3:13 pm They find it. Lancey returns to Kolat’s chest, using a metal device to spread open the sternum. Iddings inserts a long tube with a camera attached into the leg incision.

3:17pm Trouble. The light doesn’t work. They fix it. Now there’s an image on the TV screen, but it’s bad. They call for new equipment. It comes, but the image is still blurry. Another call for help.

3:34pm Another nurse arrives, takes one look at the image, swears softly, and decides the problem is moisture on the lens of the camera in the endoscope. They clear it. Now the image is beautiful.

3:38 pm Iddings inserts the endoscope and squirts in carbon dioxide to expand the tissue around the vein. Her eyes glued to the TV screen, she begins snipping off the tiny branches that connect to the leg vein.

4:00 pm With the vein nearly free, Iddings makes an incision in Kolat’s leg at the groin, to tie off the end of the vein that will stay in the body.

4:15 pm They pull the vein out. It looks fragile and barely the diameter of spaghetti at one end, smaller than they’d hoped for.  Some veins, in fact, are simply too small to use, says Phillip Carpino, a physician assistant at New England Medical Center. But endoscopy can also “shred” veins, he says, especially in smaller, older women. “You have to be careful about the patients you select.”

4:16 pm Lancey mutters about the “poor quality” of this vein but places it on a drape over the patient’s chest and begins the painstaking process of fixing leaks, which he detects by repeatedly injecting a solution into the vein. For the next 41 minutes, he stitches up tears, many of which soon leak again. Finally, he cuts off and discards the worst part, saying “We can’t take a chance on using it if it’s too thin-walled.” He only nods to Iddings, but she understands.
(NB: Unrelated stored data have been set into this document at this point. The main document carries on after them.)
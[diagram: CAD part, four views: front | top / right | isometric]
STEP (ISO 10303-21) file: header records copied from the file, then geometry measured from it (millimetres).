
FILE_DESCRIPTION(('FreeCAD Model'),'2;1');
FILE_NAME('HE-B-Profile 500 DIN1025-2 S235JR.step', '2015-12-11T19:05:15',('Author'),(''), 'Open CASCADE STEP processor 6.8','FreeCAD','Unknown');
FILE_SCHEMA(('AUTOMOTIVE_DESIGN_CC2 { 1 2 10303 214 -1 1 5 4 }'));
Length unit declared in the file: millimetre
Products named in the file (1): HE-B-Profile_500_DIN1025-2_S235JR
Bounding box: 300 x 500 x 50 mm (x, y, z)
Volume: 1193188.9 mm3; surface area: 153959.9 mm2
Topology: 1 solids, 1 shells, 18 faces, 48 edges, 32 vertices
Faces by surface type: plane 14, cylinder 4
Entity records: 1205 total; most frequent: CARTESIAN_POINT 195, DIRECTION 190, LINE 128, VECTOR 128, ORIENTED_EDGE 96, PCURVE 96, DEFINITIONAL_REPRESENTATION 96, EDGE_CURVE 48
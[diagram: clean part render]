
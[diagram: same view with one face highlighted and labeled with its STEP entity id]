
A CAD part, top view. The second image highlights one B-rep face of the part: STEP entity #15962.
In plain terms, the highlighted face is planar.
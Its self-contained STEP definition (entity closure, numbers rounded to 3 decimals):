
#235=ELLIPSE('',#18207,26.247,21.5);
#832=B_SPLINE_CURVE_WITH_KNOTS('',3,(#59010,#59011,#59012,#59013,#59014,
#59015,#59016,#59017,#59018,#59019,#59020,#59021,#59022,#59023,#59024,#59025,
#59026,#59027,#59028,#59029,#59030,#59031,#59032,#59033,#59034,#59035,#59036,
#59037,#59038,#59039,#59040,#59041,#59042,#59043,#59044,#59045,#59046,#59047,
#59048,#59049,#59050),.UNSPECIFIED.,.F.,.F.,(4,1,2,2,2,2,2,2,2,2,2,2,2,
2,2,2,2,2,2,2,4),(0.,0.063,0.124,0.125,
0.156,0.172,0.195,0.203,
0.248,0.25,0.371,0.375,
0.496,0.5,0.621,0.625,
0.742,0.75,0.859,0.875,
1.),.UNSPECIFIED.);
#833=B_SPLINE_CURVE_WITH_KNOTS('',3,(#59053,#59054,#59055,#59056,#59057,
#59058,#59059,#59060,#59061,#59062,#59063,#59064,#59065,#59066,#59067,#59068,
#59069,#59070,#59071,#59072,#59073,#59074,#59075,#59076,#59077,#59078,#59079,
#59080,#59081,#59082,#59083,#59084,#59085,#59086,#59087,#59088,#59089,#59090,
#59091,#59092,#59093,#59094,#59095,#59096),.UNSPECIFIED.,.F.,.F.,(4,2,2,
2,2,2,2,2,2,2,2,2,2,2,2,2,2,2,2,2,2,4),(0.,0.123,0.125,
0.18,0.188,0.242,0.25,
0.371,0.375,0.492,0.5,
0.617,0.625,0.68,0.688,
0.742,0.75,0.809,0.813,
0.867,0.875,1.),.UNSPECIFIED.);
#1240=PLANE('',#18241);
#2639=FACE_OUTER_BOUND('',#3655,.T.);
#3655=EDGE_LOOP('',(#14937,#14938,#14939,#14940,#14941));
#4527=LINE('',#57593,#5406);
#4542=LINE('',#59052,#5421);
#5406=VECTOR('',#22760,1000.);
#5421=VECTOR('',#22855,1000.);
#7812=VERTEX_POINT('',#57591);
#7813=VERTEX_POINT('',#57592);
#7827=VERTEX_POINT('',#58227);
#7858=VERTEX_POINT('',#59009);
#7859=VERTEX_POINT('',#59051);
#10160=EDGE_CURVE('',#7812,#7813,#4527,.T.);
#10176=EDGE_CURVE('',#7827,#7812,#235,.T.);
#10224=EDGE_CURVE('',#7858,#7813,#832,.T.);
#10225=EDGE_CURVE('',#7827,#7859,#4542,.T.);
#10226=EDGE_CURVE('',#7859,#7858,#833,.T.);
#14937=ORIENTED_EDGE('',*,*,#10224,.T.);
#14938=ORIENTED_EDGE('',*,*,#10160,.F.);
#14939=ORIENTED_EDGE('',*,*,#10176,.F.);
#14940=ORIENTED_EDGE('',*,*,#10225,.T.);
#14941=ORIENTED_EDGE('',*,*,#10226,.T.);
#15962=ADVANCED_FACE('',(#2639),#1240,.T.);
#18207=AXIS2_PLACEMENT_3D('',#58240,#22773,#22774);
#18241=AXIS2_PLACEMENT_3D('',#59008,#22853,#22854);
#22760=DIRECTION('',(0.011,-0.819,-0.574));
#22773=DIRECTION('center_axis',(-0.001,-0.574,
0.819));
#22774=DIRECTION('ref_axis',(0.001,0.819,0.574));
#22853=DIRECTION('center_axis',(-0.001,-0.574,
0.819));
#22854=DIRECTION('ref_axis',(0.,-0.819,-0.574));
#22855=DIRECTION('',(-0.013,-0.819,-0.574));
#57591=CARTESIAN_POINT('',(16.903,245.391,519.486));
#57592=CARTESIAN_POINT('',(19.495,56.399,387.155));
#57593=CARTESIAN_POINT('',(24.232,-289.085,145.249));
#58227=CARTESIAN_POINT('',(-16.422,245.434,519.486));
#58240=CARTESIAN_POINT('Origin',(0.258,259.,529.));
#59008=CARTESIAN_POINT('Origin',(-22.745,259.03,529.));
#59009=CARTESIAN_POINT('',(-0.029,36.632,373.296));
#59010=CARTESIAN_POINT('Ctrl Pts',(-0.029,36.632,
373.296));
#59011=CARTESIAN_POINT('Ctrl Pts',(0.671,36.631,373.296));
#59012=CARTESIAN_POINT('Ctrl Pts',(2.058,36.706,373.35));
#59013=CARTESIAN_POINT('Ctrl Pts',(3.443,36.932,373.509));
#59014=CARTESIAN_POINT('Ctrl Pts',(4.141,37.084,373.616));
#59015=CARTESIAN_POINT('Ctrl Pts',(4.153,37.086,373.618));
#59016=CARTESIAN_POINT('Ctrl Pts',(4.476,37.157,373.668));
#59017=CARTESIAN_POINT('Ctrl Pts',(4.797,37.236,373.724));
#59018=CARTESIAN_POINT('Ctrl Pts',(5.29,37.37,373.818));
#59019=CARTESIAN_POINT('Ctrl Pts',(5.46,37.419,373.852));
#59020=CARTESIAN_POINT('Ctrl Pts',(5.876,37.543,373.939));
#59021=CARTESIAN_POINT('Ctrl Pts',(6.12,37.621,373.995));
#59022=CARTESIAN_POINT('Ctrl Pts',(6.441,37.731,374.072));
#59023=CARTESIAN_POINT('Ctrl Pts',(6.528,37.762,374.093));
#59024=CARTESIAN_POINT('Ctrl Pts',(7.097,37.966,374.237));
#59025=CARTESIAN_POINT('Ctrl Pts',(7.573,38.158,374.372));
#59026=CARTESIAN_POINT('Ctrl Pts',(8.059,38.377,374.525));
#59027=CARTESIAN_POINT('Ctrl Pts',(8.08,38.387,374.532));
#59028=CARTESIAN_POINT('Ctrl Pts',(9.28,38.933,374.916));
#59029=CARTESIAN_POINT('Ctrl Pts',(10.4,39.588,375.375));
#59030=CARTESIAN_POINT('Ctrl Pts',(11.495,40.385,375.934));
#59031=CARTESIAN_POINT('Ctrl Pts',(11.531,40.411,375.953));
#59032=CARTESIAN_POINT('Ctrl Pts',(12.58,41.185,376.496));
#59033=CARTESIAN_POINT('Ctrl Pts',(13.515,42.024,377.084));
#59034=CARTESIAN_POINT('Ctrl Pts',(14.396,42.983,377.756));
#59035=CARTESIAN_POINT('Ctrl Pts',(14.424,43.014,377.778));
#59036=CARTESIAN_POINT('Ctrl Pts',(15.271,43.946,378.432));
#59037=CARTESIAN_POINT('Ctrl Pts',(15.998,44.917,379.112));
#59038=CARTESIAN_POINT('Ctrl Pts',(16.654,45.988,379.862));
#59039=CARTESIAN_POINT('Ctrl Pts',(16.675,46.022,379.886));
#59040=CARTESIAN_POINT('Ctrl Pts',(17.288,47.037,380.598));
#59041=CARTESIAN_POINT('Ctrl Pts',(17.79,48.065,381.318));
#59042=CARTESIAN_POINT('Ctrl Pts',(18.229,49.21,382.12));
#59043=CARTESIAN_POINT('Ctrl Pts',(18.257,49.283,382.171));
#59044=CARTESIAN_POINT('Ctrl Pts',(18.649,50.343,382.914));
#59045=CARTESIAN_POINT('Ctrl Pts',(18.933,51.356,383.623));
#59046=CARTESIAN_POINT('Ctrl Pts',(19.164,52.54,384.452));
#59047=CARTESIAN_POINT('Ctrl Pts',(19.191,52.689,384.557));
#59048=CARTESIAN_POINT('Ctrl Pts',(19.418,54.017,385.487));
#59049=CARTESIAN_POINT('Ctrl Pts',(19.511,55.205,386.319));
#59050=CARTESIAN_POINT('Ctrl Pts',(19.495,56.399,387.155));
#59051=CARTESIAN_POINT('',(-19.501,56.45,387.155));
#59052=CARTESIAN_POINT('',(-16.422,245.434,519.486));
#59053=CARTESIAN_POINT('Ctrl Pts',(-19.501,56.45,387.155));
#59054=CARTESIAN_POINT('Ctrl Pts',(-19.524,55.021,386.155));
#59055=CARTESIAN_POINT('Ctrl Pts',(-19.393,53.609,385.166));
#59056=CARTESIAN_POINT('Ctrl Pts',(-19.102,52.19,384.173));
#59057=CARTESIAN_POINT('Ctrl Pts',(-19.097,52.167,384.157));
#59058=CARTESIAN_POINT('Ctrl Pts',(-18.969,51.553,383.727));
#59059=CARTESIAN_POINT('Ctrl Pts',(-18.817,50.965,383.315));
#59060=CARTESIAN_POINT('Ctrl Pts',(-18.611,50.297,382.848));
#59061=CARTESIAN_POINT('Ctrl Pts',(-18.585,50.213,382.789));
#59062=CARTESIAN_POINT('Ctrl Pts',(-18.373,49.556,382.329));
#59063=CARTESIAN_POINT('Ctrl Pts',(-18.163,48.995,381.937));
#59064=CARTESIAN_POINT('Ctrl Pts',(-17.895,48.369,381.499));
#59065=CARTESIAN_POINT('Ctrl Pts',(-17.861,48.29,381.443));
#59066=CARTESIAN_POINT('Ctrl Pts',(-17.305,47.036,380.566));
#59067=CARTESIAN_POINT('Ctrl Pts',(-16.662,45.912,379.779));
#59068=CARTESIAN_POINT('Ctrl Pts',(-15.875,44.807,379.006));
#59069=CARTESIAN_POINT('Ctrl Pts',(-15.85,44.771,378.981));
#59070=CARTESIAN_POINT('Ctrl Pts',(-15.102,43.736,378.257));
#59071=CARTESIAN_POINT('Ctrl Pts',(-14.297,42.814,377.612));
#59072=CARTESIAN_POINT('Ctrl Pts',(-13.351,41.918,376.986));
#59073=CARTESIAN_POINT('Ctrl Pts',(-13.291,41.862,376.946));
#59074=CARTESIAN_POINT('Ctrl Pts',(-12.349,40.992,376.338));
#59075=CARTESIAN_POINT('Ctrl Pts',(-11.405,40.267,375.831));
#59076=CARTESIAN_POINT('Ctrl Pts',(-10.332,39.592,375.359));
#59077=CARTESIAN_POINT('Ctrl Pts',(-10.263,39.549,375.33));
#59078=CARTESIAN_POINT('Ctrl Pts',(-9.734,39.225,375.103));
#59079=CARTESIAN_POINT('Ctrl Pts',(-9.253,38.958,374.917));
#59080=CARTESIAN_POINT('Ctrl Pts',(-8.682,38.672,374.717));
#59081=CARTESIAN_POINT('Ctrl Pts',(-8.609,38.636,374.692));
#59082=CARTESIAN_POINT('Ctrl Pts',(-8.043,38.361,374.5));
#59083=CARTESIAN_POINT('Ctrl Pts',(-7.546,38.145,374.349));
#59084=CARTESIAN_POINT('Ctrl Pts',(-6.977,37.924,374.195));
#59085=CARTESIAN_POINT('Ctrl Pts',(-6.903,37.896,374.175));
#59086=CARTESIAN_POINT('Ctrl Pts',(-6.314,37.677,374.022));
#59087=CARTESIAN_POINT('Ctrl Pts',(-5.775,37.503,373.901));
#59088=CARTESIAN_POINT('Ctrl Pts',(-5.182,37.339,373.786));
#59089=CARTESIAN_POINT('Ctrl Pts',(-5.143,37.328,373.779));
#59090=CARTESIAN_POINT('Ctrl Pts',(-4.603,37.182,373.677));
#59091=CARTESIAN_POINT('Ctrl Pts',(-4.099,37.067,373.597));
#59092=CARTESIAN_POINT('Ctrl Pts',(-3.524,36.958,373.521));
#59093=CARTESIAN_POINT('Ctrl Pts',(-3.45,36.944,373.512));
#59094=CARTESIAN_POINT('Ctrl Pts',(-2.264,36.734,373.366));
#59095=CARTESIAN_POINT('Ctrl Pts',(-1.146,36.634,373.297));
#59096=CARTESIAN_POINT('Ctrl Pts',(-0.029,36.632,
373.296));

4:56 pm Quickly, she begins slicing open Kolat’s other leg – this time from the groin to the knee. In barely 15 minutes, she’s removed a long stretch of vein. This one looks plump and healthy. The team relaxes palpably.

5:10 pm “Ready to go on bypass,” says surgeon Lancey. The heart-lung machine, already hooked up, will keep Kolat’s blood circulating for the next 93 minutes whirs.  Lancey stops the heart with a potassium injection. He works quickly, using two segments of leg vein to bypass two arteries. For the third bypass, he severs one end of the nearby internal mammary artery and connects it to the heart.

6:40 pm Kolat is off the heart-lung machine, her own heart back at work.

7:40 pm It’s over. She’s on her way to intensive care.

Four days later, she’s home, her left leg bearing a long incision, her right leg, two tiny ones. If endoscopy proponents are right, her right leg should be less painful than her left.

But surgery is art as well as science and Kolat refused to bow to mere statistics. The truth is that “neither one hurts!”